Did you account for the "deductible"? The promo sent to me said I would get triple points on these types of purchases over $500 per month.

Bill J


----------



## frugalist (Dec 17, 2010)

WMJ_NJ said:


> frugalist said:
> 
> 
> > My first statement for this 3X promotion closed on 11/15 with a spend of about $1400. Those 1400 points posted to my AGR account within a couple of days. I just viewed my second statement which closed on 12/15 with a spend of about $1800. The statement shows the regular "Points Earned on Purchases" of 1800 plus "Promotional Points" of 2730. I'm sure the 2730 promotional points relate to the 3X promotion, but why only 2730 and not the full 2800 (2X my $1400 spend from the 11/15 statement)? It's only 70 points, so I'm not going to go through the hassle of fighting AGR for them. Maybe some of my purchases didn't qualify, but I can't imagine why.
> ...


My offer had no such deductible. It reads I'm "entitled to triple points for every eligible purchase." The small print doesn't define exactly what is eligible or ineligible other than to state that the offer applies to "net purchases," which I assume means purchases minus returns or credits. I went over my 11/15 statement looking for something unusual that might not qualify for the bonus. 70 bonus points equates to $35 in purchases. There are no charges in the area of $35 that are out of the ordinary. Who knows? But, like I said, no big deal. Looking at the big picture, this was a very worthwhile promotion.


----------



## WMJ_NJ (Dec 17, 2010)

frugalist said:


> WMJ_NJ said:
> 
> 
> > frugalist said:
> ...


You got a pretty good deal. My offer was triple points for gasoline, grocery and dining purchases over $500 a month.

Bill J


----------



## frugalist (Jan 25, 2011)

frugalist said:


> My first statement for this 3X promotion closed on 11/15 with a spend of about $1400. Those 1400 points posted to my AGR account within a couple of days. I just viewed my second statement which closed on 12/15 with a spend of about $1800. The statement shows the regular "Points Earned on Purchases" of 1800 plus "Promotional Points" of 2730. I'm sure the 2730 promotional points relate to the 3X promotion, but why only 2730 and not the full 2800 (2X my $1400 spend from the 11/15 statement)? It's only 70 points, so I'm not going to go through the hassle of fighting AGR for them. Maybe some of my purchases didn't qualify, but I can't imagine why.
> 
> I suspect that my statement closing on 1/15 will show about 3600 "Promotional Points" for the $1800 spend on my 12/15 statement.
> 
> So, it looks like I'll be getting about 6000 bonus points from this 2-month promotion in addition to the regular 3200 spending points. Our recent vacation to NYC helped boost that total. Not bad at all.

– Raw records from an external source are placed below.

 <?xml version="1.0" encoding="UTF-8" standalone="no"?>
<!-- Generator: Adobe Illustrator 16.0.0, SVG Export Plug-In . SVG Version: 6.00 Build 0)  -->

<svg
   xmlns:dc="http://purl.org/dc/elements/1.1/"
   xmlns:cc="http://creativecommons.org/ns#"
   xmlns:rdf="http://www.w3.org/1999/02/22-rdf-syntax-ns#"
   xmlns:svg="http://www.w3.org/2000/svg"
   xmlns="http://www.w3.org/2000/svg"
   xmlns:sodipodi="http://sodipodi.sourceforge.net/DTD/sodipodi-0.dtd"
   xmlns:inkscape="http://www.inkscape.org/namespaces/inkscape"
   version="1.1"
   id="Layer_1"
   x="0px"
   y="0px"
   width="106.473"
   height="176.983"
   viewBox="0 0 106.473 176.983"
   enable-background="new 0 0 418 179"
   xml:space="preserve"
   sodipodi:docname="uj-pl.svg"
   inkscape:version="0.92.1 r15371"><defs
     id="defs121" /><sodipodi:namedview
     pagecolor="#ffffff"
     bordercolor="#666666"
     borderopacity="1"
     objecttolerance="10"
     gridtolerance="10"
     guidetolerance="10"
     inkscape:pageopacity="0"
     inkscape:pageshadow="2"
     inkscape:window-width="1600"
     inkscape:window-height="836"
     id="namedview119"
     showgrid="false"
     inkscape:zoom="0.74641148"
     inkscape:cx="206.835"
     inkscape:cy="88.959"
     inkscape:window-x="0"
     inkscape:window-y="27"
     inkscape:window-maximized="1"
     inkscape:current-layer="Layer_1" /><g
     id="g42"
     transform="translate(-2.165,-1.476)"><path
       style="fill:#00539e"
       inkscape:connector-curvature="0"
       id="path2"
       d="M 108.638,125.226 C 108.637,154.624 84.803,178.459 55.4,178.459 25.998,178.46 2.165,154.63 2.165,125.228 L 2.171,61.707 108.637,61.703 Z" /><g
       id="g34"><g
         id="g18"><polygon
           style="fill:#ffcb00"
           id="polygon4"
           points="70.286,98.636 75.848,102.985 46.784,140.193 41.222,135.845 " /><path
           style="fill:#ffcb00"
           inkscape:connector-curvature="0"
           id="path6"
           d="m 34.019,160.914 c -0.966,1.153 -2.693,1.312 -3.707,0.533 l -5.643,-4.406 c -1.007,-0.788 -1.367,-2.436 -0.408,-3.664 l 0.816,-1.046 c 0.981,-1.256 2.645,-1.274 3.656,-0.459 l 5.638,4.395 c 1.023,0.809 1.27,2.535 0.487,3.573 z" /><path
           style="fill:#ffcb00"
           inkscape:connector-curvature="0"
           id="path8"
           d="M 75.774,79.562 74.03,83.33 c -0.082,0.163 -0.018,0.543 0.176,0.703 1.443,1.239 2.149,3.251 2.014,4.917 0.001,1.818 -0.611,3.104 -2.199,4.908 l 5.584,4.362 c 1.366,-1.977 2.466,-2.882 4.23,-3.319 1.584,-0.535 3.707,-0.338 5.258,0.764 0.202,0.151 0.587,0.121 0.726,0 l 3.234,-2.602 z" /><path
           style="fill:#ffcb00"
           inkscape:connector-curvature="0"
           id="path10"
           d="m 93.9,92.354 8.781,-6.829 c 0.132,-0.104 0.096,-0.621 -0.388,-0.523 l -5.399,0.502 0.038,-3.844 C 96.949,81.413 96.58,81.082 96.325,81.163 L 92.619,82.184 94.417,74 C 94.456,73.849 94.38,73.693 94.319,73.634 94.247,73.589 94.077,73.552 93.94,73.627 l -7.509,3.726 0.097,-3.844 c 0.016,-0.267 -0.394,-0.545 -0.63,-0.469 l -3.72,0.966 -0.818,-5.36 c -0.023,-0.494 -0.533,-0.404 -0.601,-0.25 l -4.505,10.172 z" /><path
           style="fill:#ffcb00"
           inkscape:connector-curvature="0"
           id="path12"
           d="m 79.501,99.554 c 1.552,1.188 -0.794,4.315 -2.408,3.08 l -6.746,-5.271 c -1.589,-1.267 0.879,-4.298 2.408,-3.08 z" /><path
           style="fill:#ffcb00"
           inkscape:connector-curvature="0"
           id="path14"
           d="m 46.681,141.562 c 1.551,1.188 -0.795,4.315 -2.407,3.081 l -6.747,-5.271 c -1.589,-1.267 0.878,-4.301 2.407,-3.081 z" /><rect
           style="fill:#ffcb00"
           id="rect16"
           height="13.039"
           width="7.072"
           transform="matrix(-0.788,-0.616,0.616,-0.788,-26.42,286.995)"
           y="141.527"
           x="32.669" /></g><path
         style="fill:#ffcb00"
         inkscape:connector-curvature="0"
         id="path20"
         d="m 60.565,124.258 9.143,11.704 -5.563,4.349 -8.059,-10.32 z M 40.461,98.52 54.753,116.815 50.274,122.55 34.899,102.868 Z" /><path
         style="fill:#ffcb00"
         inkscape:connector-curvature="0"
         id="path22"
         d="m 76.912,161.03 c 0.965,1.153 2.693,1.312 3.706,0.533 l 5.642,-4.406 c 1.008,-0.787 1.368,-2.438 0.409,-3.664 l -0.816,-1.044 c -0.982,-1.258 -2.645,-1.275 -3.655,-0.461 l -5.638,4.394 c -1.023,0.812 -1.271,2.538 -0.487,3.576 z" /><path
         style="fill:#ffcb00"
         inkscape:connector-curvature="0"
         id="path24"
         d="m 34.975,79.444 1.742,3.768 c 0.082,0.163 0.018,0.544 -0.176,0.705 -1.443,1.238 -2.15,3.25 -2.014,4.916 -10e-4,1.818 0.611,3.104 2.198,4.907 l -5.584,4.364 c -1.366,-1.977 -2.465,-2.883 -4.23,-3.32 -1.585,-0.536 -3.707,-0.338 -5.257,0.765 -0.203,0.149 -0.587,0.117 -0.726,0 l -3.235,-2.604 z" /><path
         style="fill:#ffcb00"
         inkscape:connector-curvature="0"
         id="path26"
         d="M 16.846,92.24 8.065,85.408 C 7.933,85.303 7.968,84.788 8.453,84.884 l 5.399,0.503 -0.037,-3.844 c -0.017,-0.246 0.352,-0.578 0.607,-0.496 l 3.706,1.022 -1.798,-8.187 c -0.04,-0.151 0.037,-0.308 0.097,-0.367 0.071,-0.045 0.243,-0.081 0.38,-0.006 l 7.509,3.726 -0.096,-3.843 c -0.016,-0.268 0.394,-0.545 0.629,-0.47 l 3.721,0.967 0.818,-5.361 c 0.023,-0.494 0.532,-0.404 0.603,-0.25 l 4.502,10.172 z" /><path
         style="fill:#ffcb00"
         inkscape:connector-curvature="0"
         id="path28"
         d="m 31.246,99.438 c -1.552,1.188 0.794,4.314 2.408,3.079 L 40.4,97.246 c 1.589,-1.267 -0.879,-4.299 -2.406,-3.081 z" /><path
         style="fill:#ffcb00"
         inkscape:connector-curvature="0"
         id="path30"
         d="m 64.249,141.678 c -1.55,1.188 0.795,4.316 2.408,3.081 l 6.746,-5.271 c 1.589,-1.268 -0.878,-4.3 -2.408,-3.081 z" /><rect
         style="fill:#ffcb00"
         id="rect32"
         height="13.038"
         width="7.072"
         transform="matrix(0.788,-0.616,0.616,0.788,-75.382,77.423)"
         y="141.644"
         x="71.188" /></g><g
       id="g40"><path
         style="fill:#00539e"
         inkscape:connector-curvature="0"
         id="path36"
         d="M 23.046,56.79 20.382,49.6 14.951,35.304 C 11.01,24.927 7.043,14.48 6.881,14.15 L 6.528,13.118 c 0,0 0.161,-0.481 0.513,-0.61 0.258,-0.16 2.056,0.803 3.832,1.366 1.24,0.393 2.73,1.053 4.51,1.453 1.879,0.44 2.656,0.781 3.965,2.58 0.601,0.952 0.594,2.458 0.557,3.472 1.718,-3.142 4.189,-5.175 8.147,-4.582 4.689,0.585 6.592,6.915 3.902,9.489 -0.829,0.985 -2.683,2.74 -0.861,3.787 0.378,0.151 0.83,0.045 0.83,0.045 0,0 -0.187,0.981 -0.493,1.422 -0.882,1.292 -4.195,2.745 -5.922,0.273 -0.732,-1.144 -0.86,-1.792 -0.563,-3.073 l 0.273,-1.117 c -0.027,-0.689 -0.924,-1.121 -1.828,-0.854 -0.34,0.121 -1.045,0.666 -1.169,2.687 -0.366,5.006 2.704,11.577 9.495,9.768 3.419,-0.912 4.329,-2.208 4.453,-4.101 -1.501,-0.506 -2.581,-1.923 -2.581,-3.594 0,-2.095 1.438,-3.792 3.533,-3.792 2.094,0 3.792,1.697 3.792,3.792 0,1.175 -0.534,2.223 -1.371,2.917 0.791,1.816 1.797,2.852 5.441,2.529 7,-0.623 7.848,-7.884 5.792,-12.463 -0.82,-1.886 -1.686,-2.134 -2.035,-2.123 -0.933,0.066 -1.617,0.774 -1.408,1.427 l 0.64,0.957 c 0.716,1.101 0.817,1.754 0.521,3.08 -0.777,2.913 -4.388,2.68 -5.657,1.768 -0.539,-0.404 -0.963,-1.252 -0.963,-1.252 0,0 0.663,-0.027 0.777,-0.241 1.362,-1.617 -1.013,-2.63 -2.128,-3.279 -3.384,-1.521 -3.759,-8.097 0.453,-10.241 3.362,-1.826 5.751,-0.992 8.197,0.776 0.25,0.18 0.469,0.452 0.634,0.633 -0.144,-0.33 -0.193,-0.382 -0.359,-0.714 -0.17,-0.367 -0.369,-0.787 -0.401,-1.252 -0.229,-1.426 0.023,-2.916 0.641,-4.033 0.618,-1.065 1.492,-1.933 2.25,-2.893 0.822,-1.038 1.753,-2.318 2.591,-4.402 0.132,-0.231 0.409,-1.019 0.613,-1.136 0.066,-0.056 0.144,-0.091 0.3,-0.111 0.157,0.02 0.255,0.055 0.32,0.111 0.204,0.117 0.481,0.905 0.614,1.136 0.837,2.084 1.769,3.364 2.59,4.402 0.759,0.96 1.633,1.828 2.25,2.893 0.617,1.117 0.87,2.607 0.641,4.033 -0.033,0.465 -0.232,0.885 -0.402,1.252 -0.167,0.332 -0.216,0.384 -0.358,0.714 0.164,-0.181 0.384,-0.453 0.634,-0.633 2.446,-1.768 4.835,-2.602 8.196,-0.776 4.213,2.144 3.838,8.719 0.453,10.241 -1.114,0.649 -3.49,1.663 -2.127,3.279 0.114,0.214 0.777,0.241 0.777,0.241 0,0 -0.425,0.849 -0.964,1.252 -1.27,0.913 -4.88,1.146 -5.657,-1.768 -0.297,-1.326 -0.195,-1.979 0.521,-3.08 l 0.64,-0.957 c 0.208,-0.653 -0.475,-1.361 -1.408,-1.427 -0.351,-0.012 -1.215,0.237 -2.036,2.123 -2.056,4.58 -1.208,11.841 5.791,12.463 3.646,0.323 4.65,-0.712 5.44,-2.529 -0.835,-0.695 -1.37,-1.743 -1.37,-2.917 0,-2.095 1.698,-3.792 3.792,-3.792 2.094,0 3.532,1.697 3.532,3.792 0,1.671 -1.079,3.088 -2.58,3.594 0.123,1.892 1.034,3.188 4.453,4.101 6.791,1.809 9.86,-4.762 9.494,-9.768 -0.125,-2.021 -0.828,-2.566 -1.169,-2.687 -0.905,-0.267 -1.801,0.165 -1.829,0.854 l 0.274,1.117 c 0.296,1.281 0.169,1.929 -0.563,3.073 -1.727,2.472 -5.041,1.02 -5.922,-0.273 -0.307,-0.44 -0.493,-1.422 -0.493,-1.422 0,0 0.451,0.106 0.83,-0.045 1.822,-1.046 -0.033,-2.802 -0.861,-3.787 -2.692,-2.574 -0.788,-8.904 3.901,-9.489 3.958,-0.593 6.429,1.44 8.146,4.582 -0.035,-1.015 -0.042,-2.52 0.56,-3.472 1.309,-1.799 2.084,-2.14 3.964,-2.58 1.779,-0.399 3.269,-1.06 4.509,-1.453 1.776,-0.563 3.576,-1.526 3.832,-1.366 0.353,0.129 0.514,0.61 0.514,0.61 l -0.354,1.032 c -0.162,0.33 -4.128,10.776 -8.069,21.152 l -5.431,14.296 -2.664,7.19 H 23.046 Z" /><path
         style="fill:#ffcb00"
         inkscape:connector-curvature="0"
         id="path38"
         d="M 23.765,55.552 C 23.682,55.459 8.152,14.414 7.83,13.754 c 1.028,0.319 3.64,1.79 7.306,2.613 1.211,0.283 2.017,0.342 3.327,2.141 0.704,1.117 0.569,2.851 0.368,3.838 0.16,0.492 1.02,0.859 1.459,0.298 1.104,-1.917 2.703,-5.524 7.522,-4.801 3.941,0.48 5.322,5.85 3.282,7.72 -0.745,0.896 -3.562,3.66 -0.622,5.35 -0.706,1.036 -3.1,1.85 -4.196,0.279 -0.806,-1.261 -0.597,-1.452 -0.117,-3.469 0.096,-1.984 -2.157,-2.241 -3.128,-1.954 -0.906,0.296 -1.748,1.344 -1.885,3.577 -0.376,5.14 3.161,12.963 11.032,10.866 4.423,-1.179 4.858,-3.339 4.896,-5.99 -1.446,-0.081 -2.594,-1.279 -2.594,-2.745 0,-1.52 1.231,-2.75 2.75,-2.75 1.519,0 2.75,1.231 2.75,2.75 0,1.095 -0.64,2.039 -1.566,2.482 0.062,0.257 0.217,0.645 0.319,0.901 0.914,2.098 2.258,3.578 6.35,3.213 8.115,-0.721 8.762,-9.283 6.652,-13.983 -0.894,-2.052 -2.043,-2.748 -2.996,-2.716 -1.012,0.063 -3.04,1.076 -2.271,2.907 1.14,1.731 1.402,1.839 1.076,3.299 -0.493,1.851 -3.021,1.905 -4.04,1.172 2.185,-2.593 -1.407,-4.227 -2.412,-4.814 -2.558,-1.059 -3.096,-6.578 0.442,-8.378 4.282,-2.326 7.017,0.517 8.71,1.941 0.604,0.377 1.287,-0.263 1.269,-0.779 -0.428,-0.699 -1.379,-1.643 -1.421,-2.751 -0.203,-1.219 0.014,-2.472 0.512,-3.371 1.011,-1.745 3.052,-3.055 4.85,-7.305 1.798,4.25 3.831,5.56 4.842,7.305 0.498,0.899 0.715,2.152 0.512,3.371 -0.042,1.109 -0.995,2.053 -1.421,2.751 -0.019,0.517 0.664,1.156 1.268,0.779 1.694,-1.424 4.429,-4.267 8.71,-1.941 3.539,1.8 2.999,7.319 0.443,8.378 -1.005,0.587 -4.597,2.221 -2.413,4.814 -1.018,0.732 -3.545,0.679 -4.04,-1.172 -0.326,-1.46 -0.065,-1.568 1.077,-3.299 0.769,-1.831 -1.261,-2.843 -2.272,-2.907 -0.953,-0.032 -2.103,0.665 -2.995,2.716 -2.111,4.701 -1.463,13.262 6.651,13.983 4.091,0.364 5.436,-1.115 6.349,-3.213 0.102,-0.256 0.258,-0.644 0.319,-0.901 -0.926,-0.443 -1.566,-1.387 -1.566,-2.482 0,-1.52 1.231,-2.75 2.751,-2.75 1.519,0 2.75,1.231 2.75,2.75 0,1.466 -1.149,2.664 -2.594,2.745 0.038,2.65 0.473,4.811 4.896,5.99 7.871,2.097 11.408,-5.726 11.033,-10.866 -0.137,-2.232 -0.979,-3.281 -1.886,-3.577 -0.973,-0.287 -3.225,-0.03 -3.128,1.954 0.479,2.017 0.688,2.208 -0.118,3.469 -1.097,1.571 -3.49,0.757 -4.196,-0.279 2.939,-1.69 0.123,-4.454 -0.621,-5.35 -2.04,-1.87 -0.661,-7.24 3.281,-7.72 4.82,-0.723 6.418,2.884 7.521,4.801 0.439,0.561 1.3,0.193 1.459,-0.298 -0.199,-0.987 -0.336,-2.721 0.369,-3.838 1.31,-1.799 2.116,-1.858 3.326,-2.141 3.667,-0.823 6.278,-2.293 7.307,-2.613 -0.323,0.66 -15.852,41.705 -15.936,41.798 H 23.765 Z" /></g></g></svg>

My 1/15 statement did indeed show the last 3600 Promotional Points I was expecting. Plus most (if not all) of the "missing" Promotional Points from the 12/15/10 statement. So, in the end, I picked up over 6000 extra AGR points from this promotion. The bonus points were posted on a one-cycle delay, but they all came well within the 6-8 week timeframe stated in the T&C. Not a bad deal.


----------